Since the mid-1800s, traffic has been an alarming problem in society. It increases the consumption of fuel, carbon emissions as well as air and noise pollution. Because of the rise in these harmful substances and the damage it does to Earth’s environment, a serious question arises: “what will we do to stop it?”


According to BBC News, the world has nearly 40 million miles of road (64 million km), and it will only increase even more. As more and more countries develop, growth in population and income will increase, but the degradation of resources and open land will rise as well. By 2040, there will be approximately 2 billion cars on the road, and traffic levels could increase by 50%.


Many people are annoyed with the terrible problem of traffic, including Elon Musk, founder of Tesla. At an event for his tunneling firm in 2018, Elon Musk announced a futuristic solution to the traffic problem: underground roadways. This solves many of the problems said above, and also opens up new and better opportunities for people around the world.


Underground roads would also prevent further land reduction in our already crowded spaces.
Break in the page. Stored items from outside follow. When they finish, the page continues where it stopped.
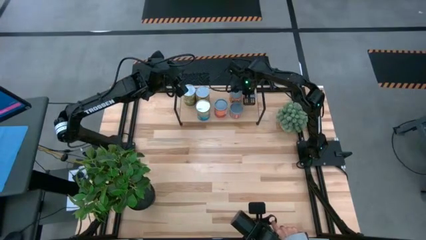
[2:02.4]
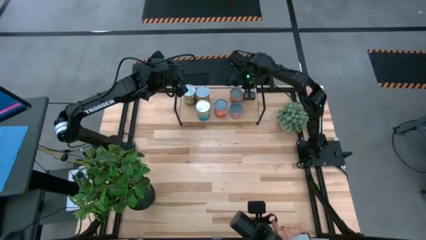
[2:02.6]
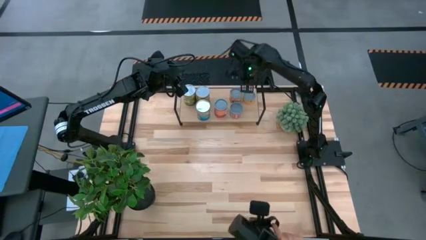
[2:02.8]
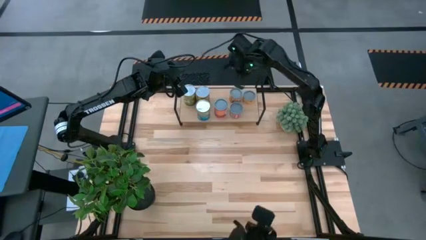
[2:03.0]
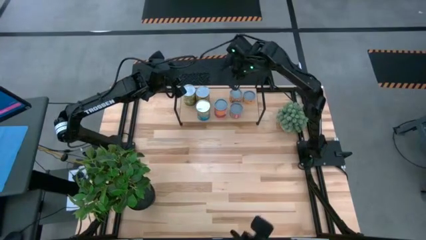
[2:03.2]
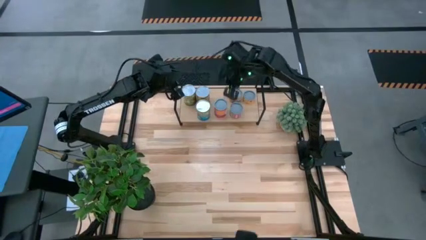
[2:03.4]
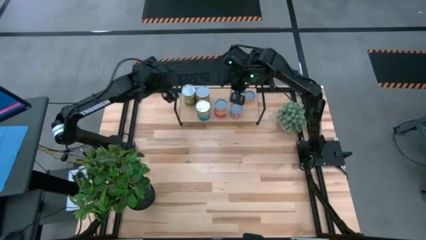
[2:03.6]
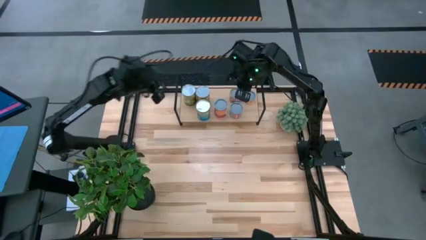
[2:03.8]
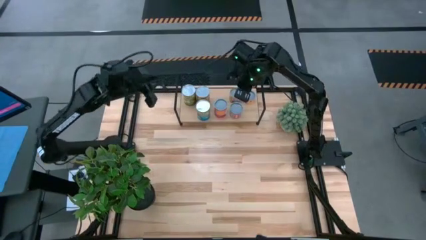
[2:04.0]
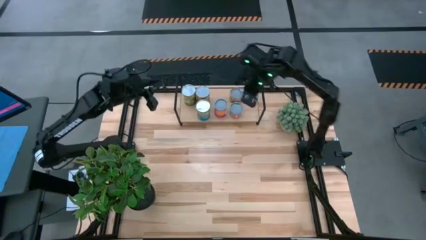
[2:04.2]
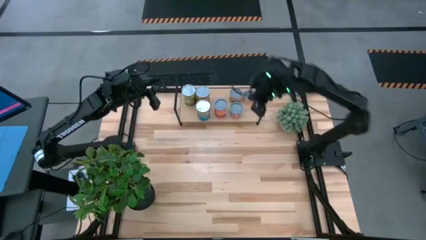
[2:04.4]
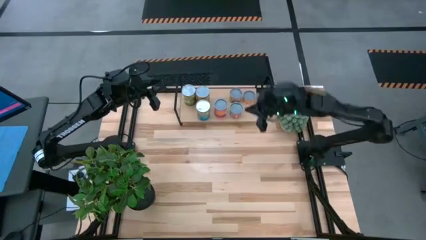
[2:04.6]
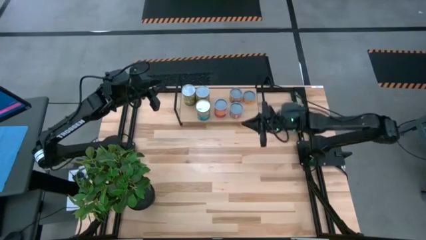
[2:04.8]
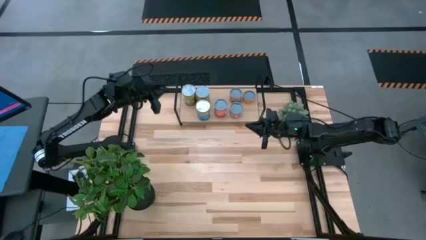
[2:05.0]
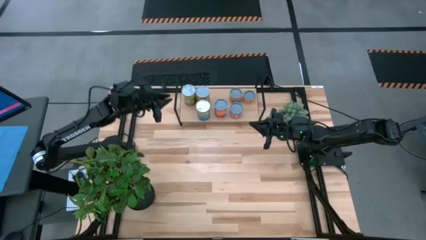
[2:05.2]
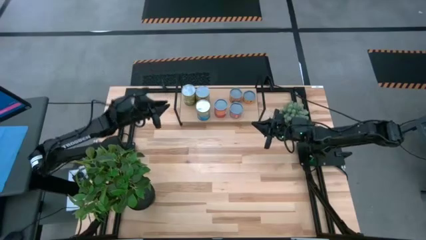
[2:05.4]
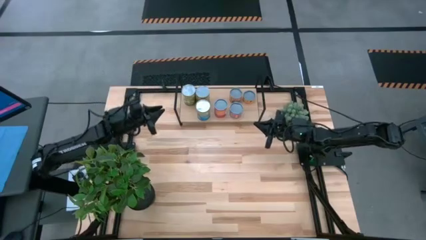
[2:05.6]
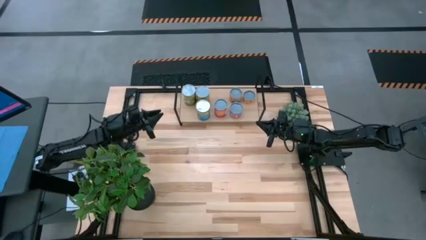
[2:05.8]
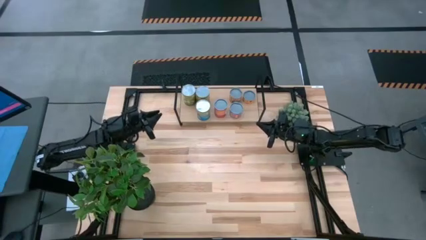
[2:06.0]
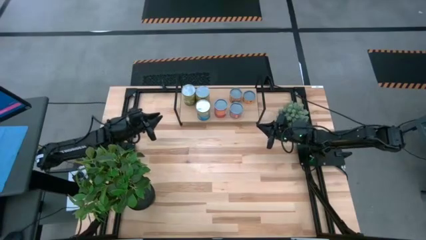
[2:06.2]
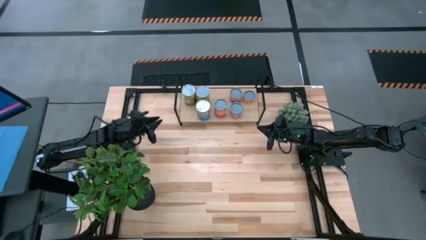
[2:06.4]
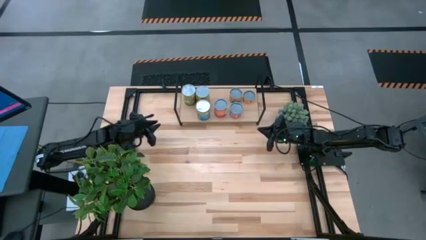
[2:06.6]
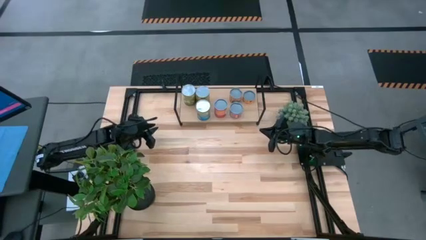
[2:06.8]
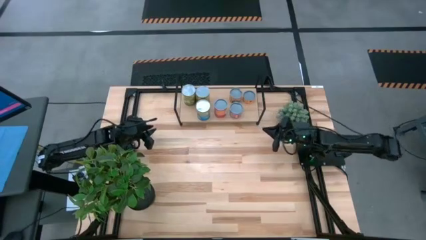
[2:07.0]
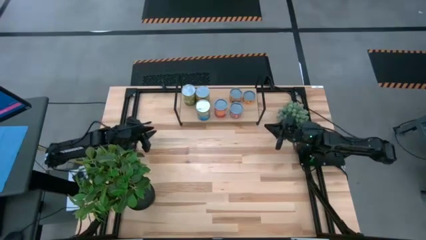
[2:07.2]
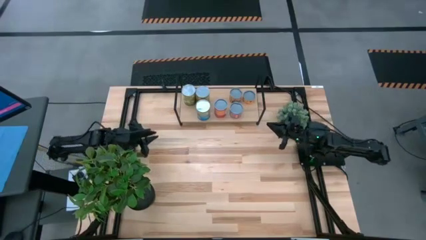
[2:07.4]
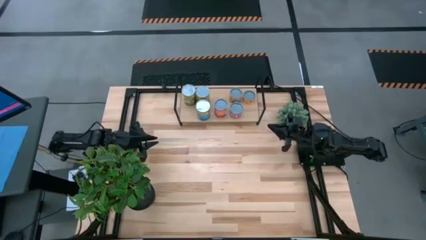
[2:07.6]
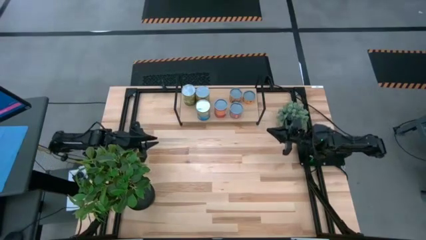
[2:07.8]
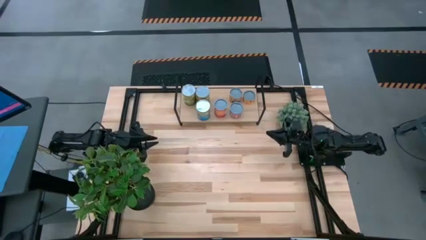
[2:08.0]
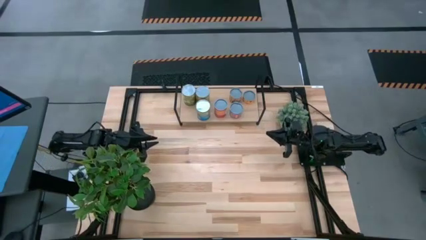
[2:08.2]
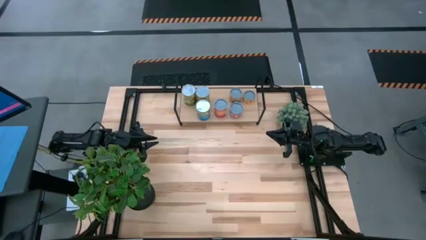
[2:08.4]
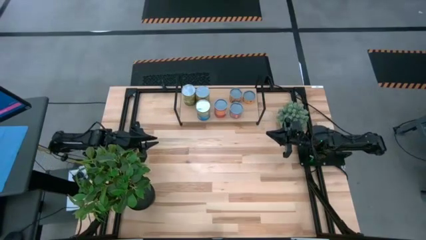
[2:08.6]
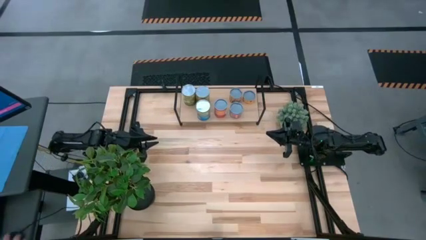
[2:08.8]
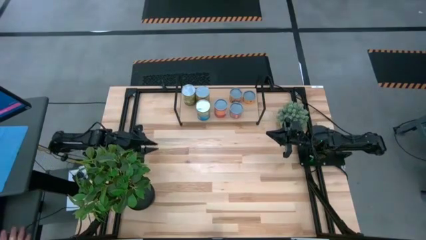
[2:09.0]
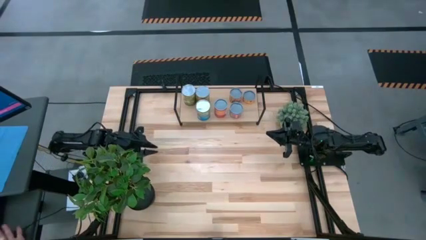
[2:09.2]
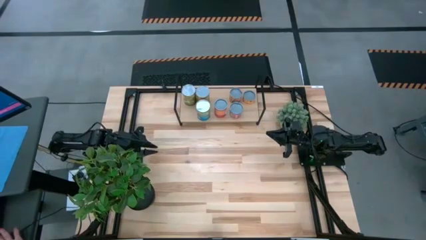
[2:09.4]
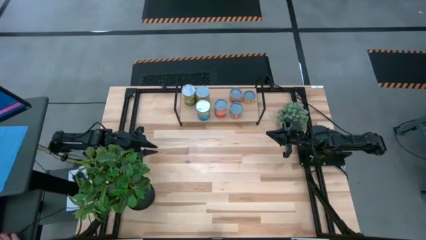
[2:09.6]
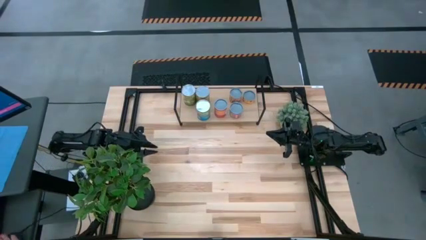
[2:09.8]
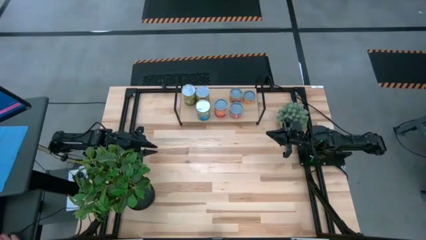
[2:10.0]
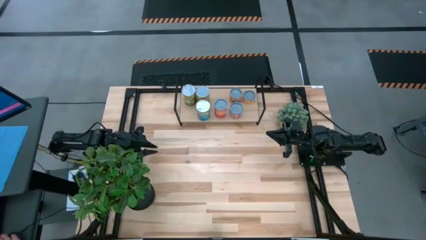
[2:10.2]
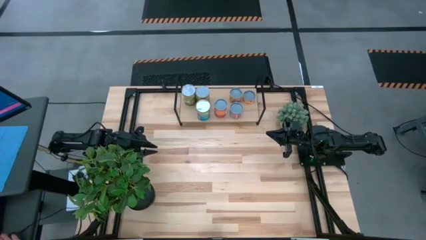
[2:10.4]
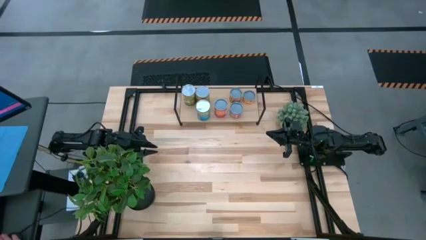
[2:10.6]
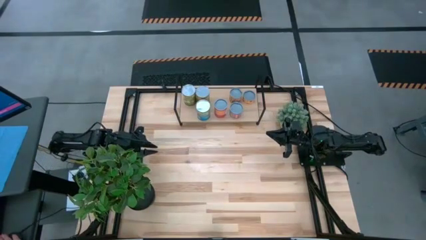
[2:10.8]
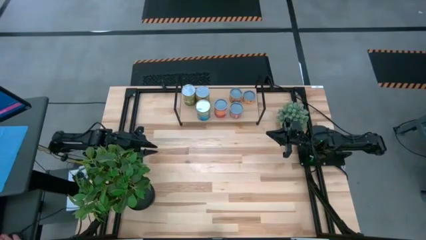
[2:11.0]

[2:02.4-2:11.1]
Task: Pick and place cans onto a shelf
Return to Home Position

Every day, many animal habitats are stolen away due to the building of infrastructure or other human activities. By eliminating one of the leading factors of habitat loss, roadkill rates will decrease and biodiversity, which is essential to our survival, will increase. Our environment will profit as more land is available to wildlife.
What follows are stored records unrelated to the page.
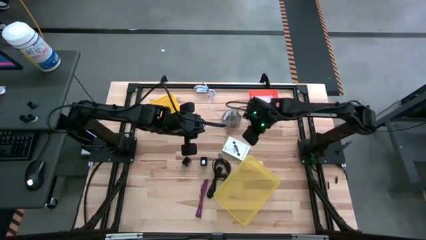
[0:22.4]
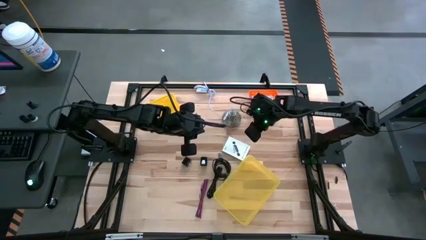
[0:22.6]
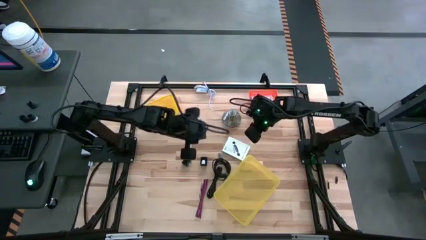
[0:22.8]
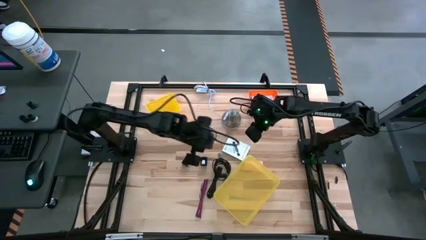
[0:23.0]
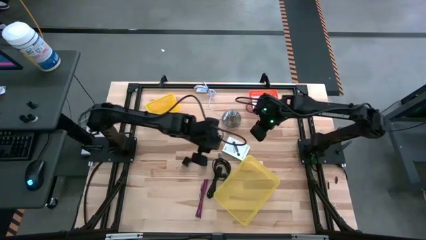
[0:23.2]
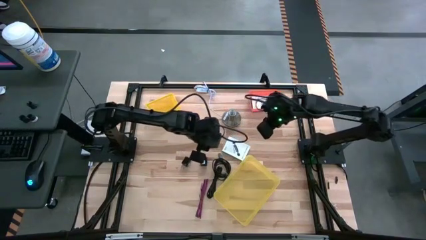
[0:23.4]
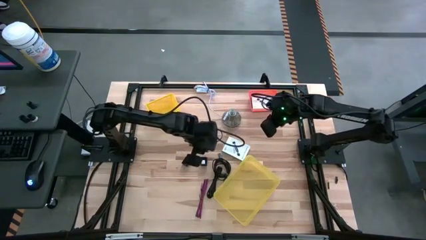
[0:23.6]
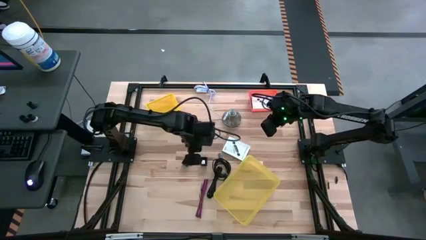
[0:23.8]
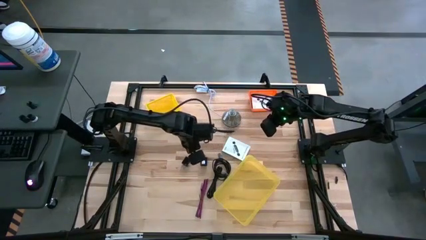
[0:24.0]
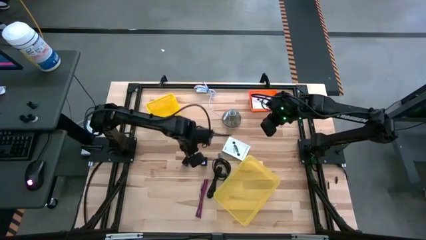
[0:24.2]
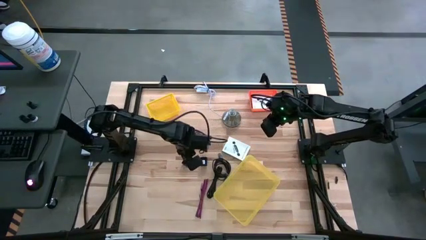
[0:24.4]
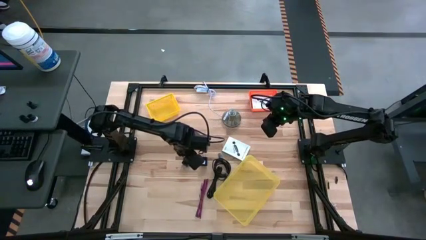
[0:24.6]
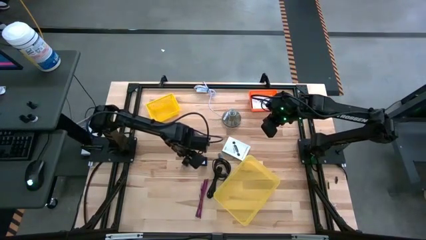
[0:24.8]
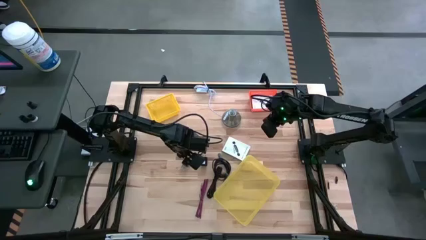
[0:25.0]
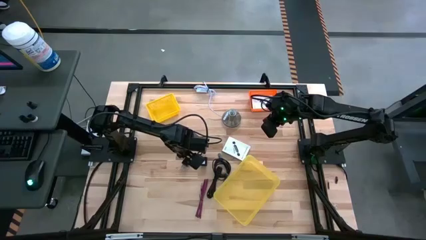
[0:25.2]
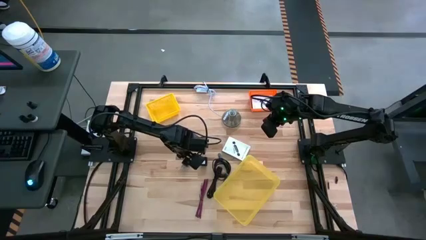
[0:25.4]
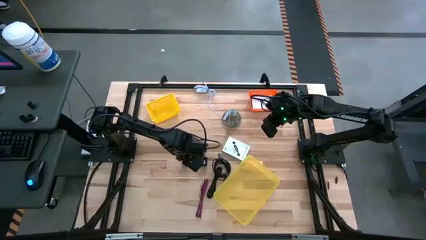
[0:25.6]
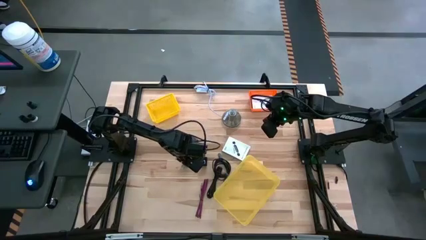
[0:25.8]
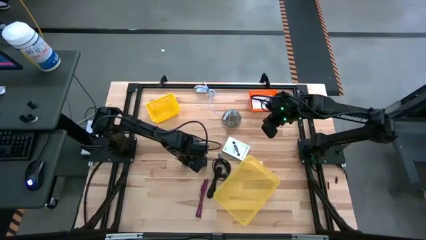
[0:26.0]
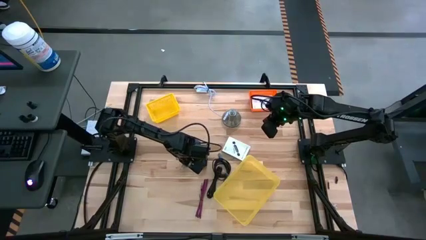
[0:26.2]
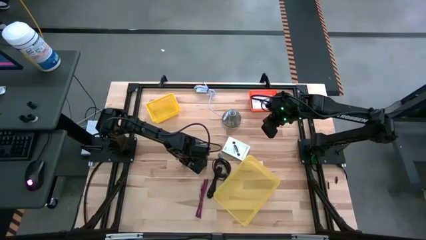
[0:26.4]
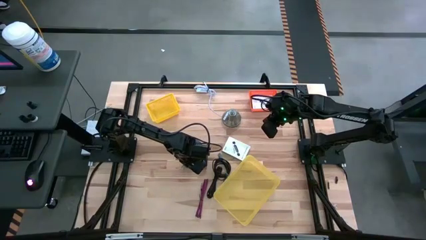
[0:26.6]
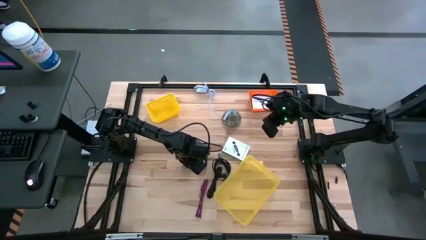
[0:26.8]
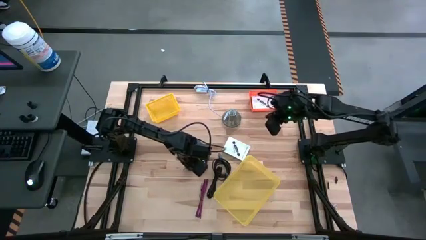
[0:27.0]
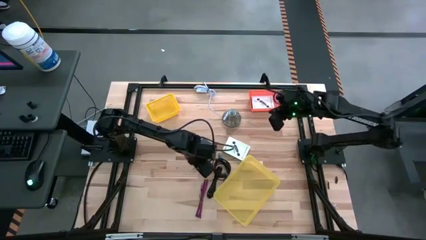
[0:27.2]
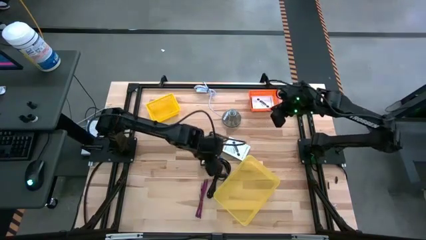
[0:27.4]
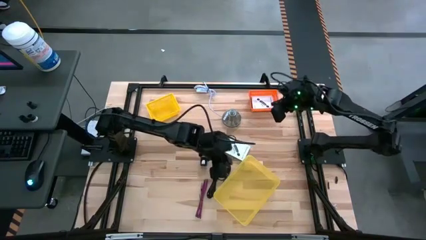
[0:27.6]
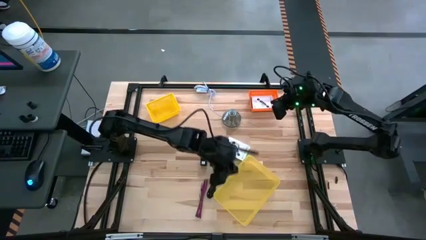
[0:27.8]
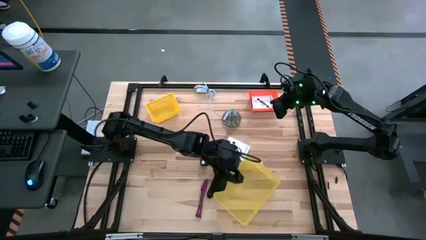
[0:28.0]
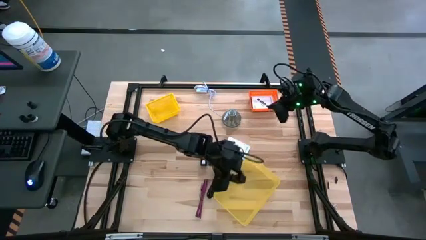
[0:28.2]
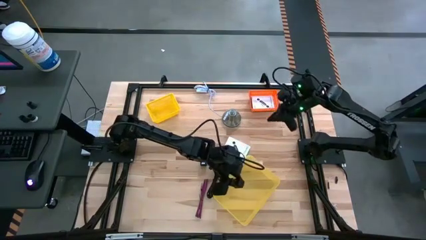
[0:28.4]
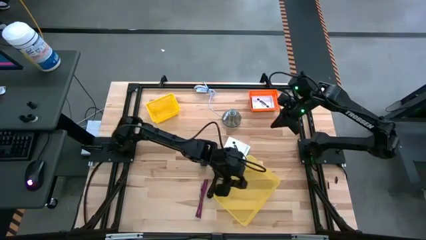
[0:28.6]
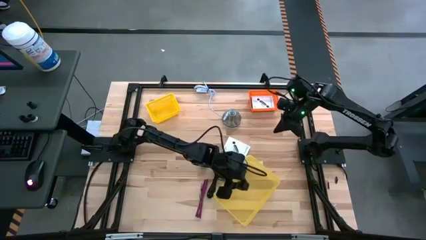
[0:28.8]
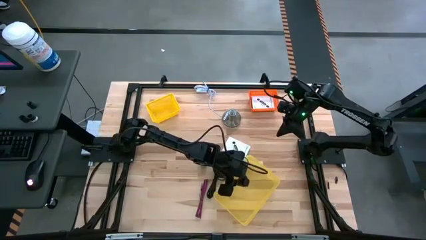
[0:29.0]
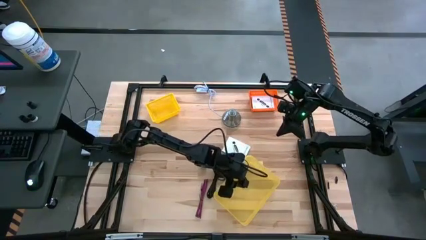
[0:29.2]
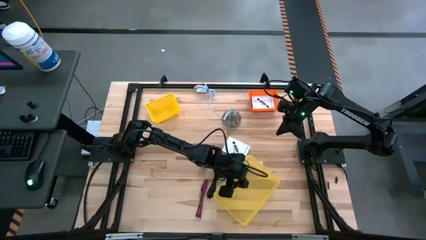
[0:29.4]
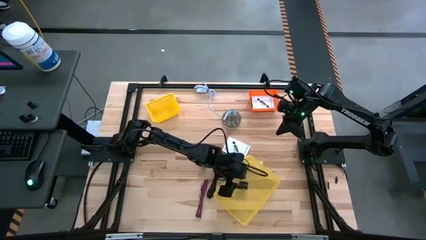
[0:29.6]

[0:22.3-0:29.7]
Task: Pick and place items into bin
Put the left black adapter into the yellow transparent bin

"Can you imagine how the cities will be transformed?" Tom Ireland, projects director of tunneling company Aurecon, asks in an article from BBC. "If you want to revitalize the city center, you pedestrianize the roads." Underground roads would ultimately free up room for trees, linear parks, landscaping, pavement cafes, and scores of other public amenities.
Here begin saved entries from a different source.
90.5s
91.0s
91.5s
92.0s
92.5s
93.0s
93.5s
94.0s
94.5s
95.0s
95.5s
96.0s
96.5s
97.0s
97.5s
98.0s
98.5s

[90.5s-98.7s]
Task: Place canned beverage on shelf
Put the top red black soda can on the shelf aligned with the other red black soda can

Another problem underground roadways would solve is climate change. According to BBC News, green space absorbs more water than concrete. Therefore if more parks and green grassland appear, people will be more protected from flooding and other natural disasters. Additional trees also reduce temperatures by nearly 40% during the day.


Furthermore, driving underground can avoid extreme weather such as hazardous heat, cold or rain.


"You can climate-control everything, you can engineer your existence very efficiently underground," Bradley Garrett, a cultural geographer at University College Dublin and author of Subterranean London, says in an article from BBC News. "And that does mean generally that the infrastructure we build underground lasts longer."


By removing some roads above the surface, people can also reconnect with their communities again. “Dislocated communities are one of the biggest problems caused by large roads,” Ireland says in an article from BBC News. According to BBC News, divided neighborhoods can prevent people from essential services such as grocery stores and restrict mobility, increasing income inequality and segregation.


In 2021, a report in Seattle found that the removal of surface roads can reunite neighborhoods and provide space for up to 4.7 million square feet (0.44 million square meters) of new housing.


Underground roads may as well be the solution to traffic. Perhaps one day, our world would be able to flourish once more in a healthy environment where we have clean air, diverse species, and more communication.